— WHAT TO DO —
Return each line of the data below exactly, omitting any pictures.

— EXERCISE INPUT —

──────────

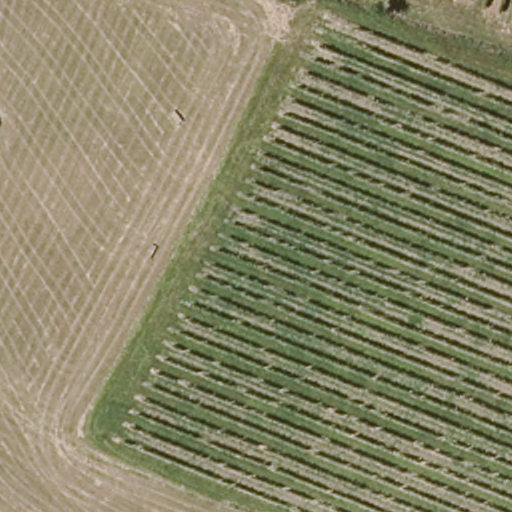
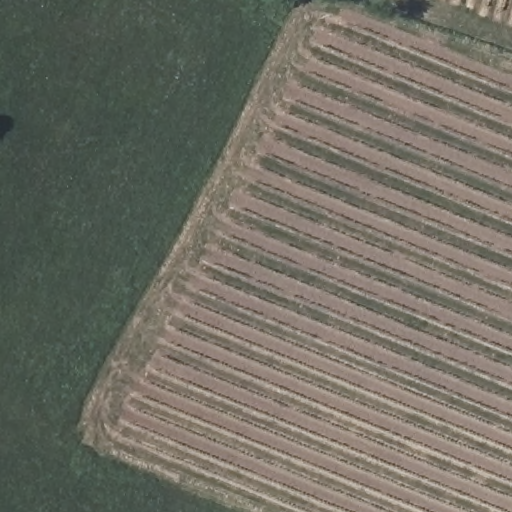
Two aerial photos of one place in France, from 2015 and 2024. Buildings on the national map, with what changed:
[]

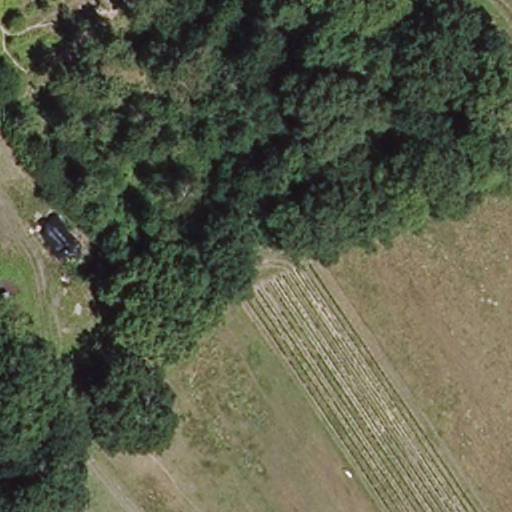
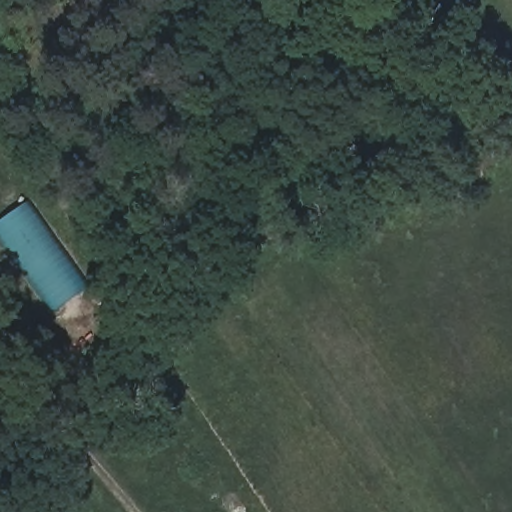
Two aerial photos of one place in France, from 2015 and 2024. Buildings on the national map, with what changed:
new [(0,240),(0,221),(26,202),(87,287),(55,312),(0,240)]

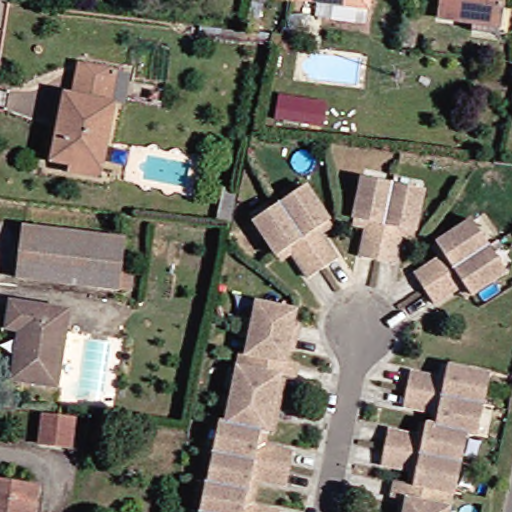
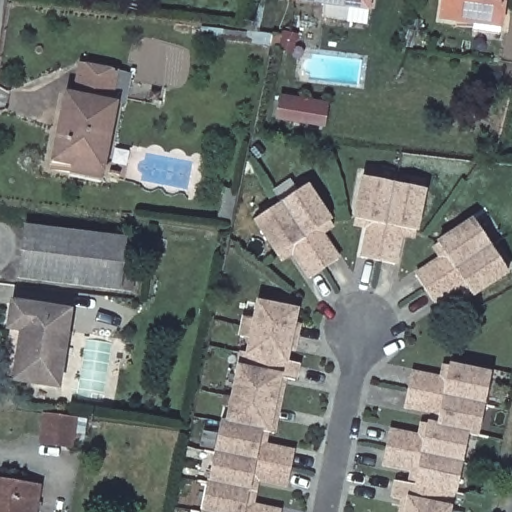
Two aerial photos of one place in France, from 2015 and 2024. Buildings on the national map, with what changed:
unchanged [(327,10),(328,0),(374,0),(371,16),(327,10)]
unchanged [(441,2),(442,0),(504,0),(501,27),(439,18),(440,14),(441,2)]
unchanged [(426,37),(424,50),(401,47),(405,32),(413,34),(424,37),(426,37)]
unchanged [(75,163),(55,160),(69,89),(78,91),(84,60),(136,70),(130,99),(121,98),(106,176),(74,170),(75,163)]
unchanged [(282,98),(327,105),(324,130),(278,122),(282,98)]
unchanged [(367,242),(372,219),(357,216),(366,177),(395,184),(382,245),(367,242)]
unchanged [(425,190),(417,228),(402,225),(396,249),(382,245),(395,184),(425,190)]
unchanged [(311,192),(334,225),(321,232),(335,253),(320,262),(286,207),(311,192)]
unchanged [(309,269),(295,249),(282,257),(261,223),(286,207),(320,262),(309,269)]
unchanged [(491,242),(510,267),(481,286),(476,289),(467,277),(447,290),(431,267),(450,252),(441,241),(475,220),(491,242)]
unchanged [(120,289),(22,277),(24,265),(25,254),(26,247),(29,228),(54,231),(80,234),(86,235),(91,236),(96,236),(102,237),(113,238),(124,239),(131,240),(130,242),(129,254),(128,260),(128,261),(141,263),(136,291),(125,290),(120,289)]
unchanged [(62,369),(59,390),(14,382),(14,378),(15,373),(20,346),(21,332),(20,332),(9,331),(7,331),(10,319),(10,313),(12,305),(31,307),(36,308),(48,310),(54,311),(70,313),(69,324),(66,341),(62,369)]
unchanged [(299,317),(288,367),(301,370),(298,386),(282,383),(267,451),(291,457),(285,487),(260,481),(256,496),(251,495),(247,511),(254,512),(205,512),(210,487),(215,487),(229,427),(233,428),(236,413),(226,412),(228,402),(235,403),(244,358),(250,360),(254,345),(245,343),(249,322),(259,325),(262,309),(299,317)]
unchanged [(469,372),(498,378),(485,436),(472,433),(458,495),(453,493),(450,512),(409,512),(411,502),(395,498),(398,482),(418,487),(422,471),(397,465),(404,435),(428,440),(431,425),(443,427),(446,412),(421,407),(428,377),(452,383),(455,368),(469,372)]
unchanged [(76,418),(71,450),(37,445),(41,414),(62,417),(68,417),(76,418)]
unchanged [(34,512),(0,512),(0,478),(4,479),(7,479),(12,480),(19,481),(41,485),(49,486),(49,488),(47,493),(36,492),(34,512)]

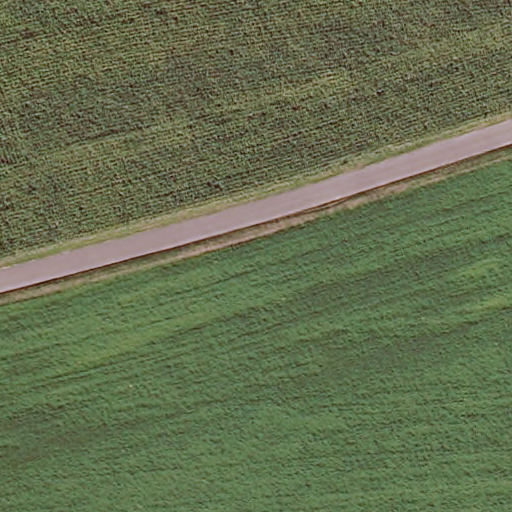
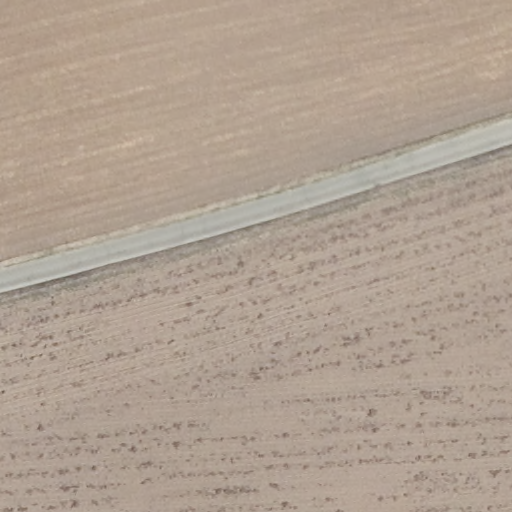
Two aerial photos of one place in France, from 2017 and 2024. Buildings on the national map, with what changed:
[]

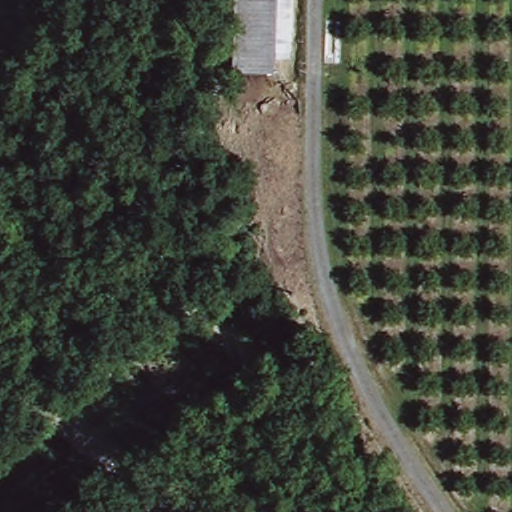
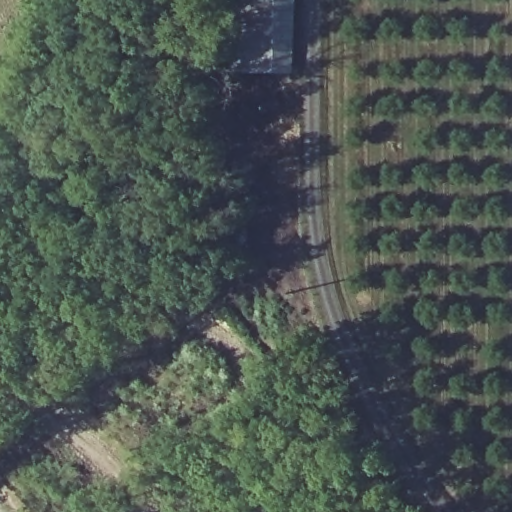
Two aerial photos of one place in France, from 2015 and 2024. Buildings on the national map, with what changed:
unchanged [(275,60),(275,72),(233,71),(235,0),(294,0),(292,61),(275,60)]

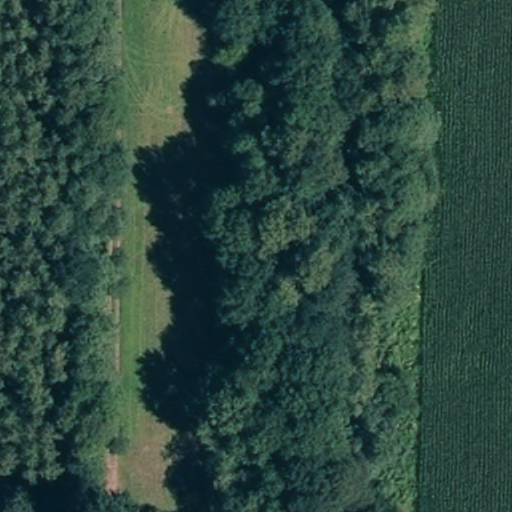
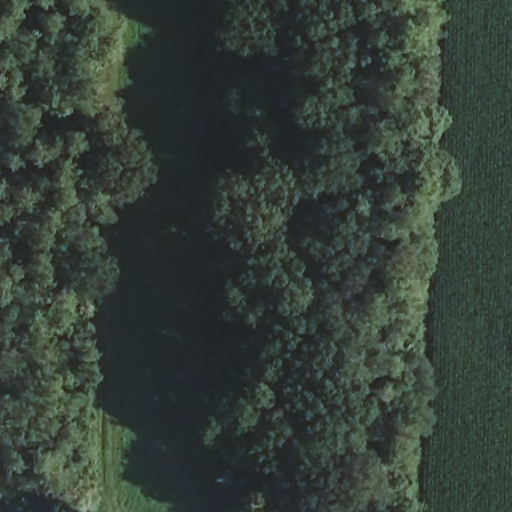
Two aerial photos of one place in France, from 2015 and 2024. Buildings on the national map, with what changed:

──────────

— RESULT FOR THIS EXERCISE —
Two aerial photos of one place in France, from 2015 and 2024. Buildings on the national map, with what changed:
[]

Two aerial photos of one place in France, from 2015 and 2024. Buildings on the national map, with what changed:
new [(0,240),(0,221),(26,202),(87,287),(55,312),(0,240)]

Two aerial photos of one place in France, from 2015 and 2024. Buildings on the national map, with what changed:
unchanged [(327,10),(328,0),(374,0),(371,16),(327,10)]
unchanged [(441,2),(442,0),(504,0),(501,27),(439,18),(440,14),(441,2)]
unchanged [(426,37),(424,50),(401,47),(405,32),(413,34),(424,37),(426,37)]
unchanged [(75,163),(55,160),(69,89),(78,91),(84,60),(136,70),(130,99),(121,98),(106,176),(74,170),(75,163)]
unchanged [(282,98),(327,105),(324,130),(278,122),(282,98)]
unchanged [(367,242),(372,219),(357,216),(366,177),(395,184),(382,245),(367,242)]
unchanged [(425,190),(417,228),(402,225),(396,249),(382,245),(395,184),(425,190)]
unchanged [(311,192),(334,225),(321,232),(335,253),(320,262),(286,207),(311,192)]
unchanged [(309,269),(295,249),(282,257),(261,223),(286,207),(320,262),(309,269)]
unchanged [(491,242),(510,267),(481,286),(476,289),(467,277),(447,290),(431,267),(450,252),(441,241),(475,220),(491,242)]
unchanged [(120,289),(22,277),(24,265),(25,254),(26,247),(29,228),(54,231),(80,234),(86,235),(91,236),(96,236),(102,237),(113,238),(124,239),(131,240),(130,242),(129,254),(128,260),(128,261),(141,263),(136,291),(125,290),(120,289)]
unchanged [(62,369),(59,390),(14,382),(14,378),(15,373),(20,346),(21,332),(20,332),(9,331),(7,331),(10,319),(10,313),(12,305),(31,307),(36,308),(48,310),(54,311),(70,313),(69,324),(66,341),(62,369)]
unchanged [(299,317),(288,367),(301,370),(298,386),(282,383),(267,451),(291,457),(285,487),(260,481),(256,496),(251,495),(247,511),(254,512),(205,512),(210,487),(215,487),(229,427),(233,428),(236,413),(226,412),(228,402),(235,403),(244,358),(250,360),(254,345),(245,343),(249,322),(259,325),(262,309),(299,317)]
unchanged [(469,372),(498,378),(485,436),(472,433),(458,495),(453,493),(450,512),(409,512),(411,502),(395,498),(398,482),(418,487),(422,471),(397,465),(404,435),(428,440),(431,425),(443,427),(446,412),(421,407),(428,377),(452,383),(455,368),(469,372)]
unchanged [(76,418),(71,450),(37,445),(41,414),(62,417),(68,417),(76,418)]
unchanged [(34,512),(0,512),(0,478),(4,479),(7,479),(12,480),(19,481),(41,485),(49,486),(49,488),(47,493),(36,492),(34,512)]

Two aerial photos of one place in France, from 2017 and 2024. Buildings on the national map, with what changed:
[]

Two aerial photos of one place in France, from 2015 and 2024. Buildings on the national map, with what changed:
unchanged [(275,60),(275,72),(233,71),(235,0),(294,0),(292,61),(275,60)]

Two aerial photos of one place in France, from 2015 and 2024. Buildings on the national map, with what changed:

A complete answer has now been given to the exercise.